In the exceedingly brief time — about a day and a half — between sentence and execution, Lady Waristoun was reported to have undergone a wonderous transformation. The not-uninterested report* of her confessor offers these mournful final words, a stark contrast to her defiant state just after condemnation.

The occasion of my coming here is to show that I am, and have been, a great sinner, and hath offended the Lord’s Majesty; especially, of the cruel murdering of mine own husband, which, albeit I did not with mine own hands, for I never laid mine hands upon him all the time that he was murdering, yet I was the deviser of it, and so the committer.
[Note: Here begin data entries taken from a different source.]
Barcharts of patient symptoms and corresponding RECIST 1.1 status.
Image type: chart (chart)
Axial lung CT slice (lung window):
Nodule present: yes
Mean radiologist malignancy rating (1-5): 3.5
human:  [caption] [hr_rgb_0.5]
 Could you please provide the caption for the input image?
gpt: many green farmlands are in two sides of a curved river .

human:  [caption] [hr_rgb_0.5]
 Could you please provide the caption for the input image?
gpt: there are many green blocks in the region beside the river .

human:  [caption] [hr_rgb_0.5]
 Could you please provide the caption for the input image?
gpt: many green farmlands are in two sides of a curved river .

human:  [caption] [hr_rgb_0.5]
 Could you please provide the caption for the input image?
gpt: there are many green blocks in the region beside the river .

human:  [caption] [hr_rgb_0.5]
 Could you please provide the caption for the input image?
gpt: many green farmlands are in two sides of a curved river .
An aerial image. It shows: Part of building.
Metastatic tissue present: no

But my God hath been always merciful to me, and hath given me repentance for my sins; and I hope for mercy and grace at his Majesty’s hands, for his dear son Jesus Christ’s sake. And the Lord hath brought me hither to be an example to you, that you may not fall into the like sin as I have done. And I pray God, for his mercy, to keep all his faithful people from falling into the like inconvenient as I have done! And therefore I desire you all to pray to God for me, that he would be merciful to me!

Then, she had her head lopped off by the maiden while at the same hour Janet Murdo, much less wept for, was burnt alive at Castlehill.
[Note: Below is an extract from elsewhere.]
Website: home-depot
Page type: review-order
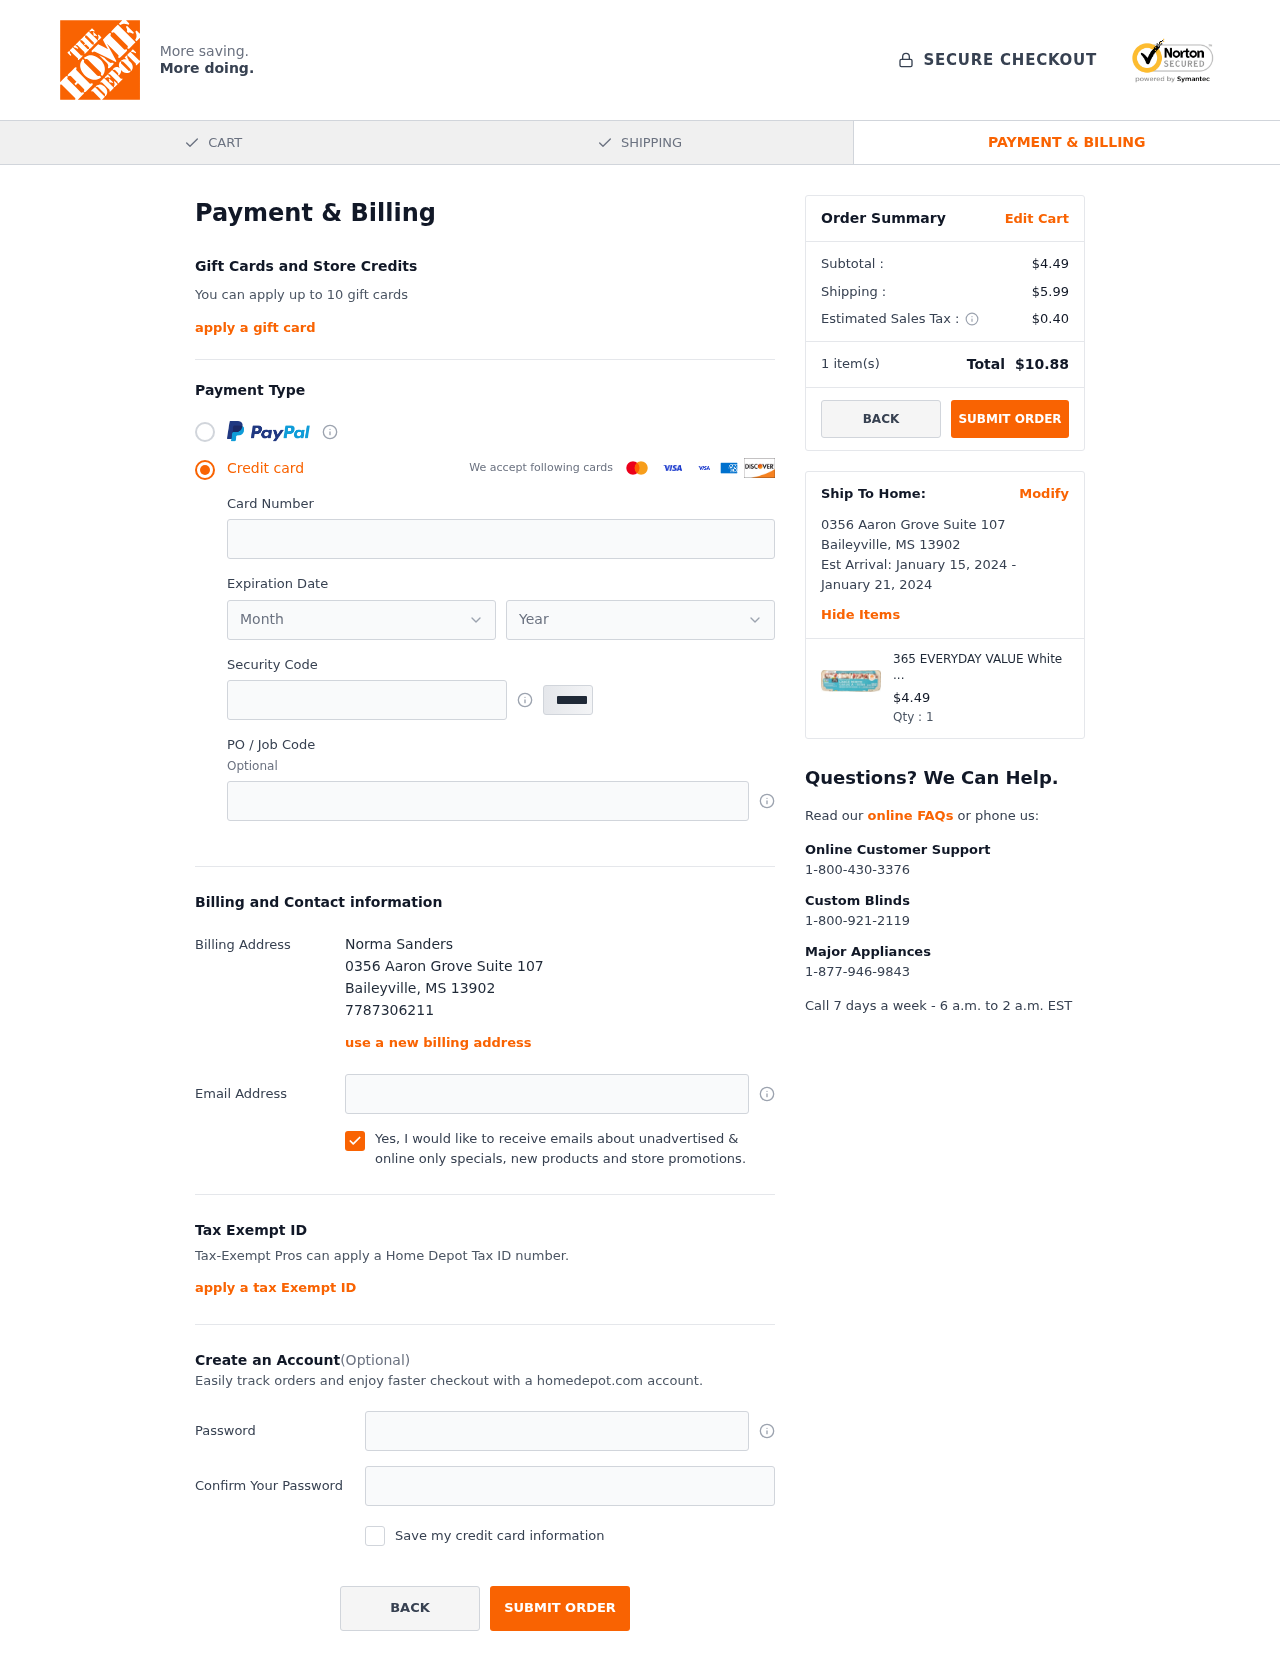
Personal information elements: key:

This sudden and sensational fall of an elite, and allegedly beautiful, woman obviously made quite a splash, with printed accounts feeding almost inevitably into the Scots ballad tradition.
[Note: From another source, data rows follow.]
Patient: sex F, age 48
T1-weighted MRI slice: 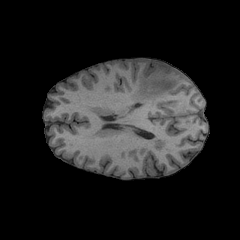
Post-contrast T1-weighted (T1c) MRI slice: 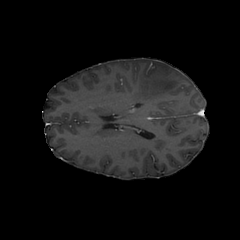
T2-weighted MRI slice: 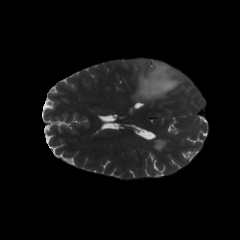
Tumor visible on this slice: yes
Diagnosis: Astrocytoma, IDH-mutant
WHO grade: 3
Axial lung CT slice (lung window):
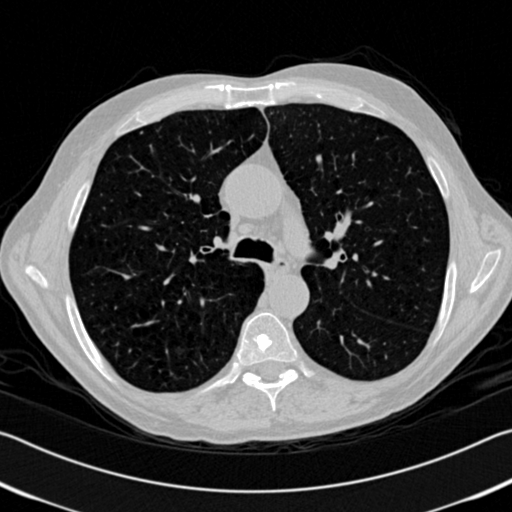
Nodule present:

My mother was an ill woman,
In fifteen years she married me ;
I hadna wit to guide a man,
Alas! ill counsel guided me.

O Warriston, O Warriston,
I wish that ye may sink for sin;
I was but bare fifteen years auld,
When first I enter’d your yates within.

I hadna been a month married,
Till my gude Lord went to the sea;
I bare a bairn ere he came hame,
And set it on the nourice knee.

But it fell ance upon a day,
That my gude lord return’d from sea;
Then I did dress in the best array,
As blythe as ony bird on tree.

I took my young son in my arms,
Likewise my nourice me forebye;
And I went down to yon shore side,
My gude lord’s vessel I might spy.

My lord he stood upon the deck,
I wyte he hail’d me courteouslie;
“Ye are thrice welcome, my lady gay,
Wha’se aught that bairn on your knee?”

She turn’d her right and round about,
Says, “Why take ye sic dreads o’ me?
Alas! I was too young married,
To love another man but thee.”

“Now hold your tongue, my lady gay,
Nae mair falsehoods ye’ll tell to me;
This bonny bairn is not mine,
You’ve loved another while I was on sea.”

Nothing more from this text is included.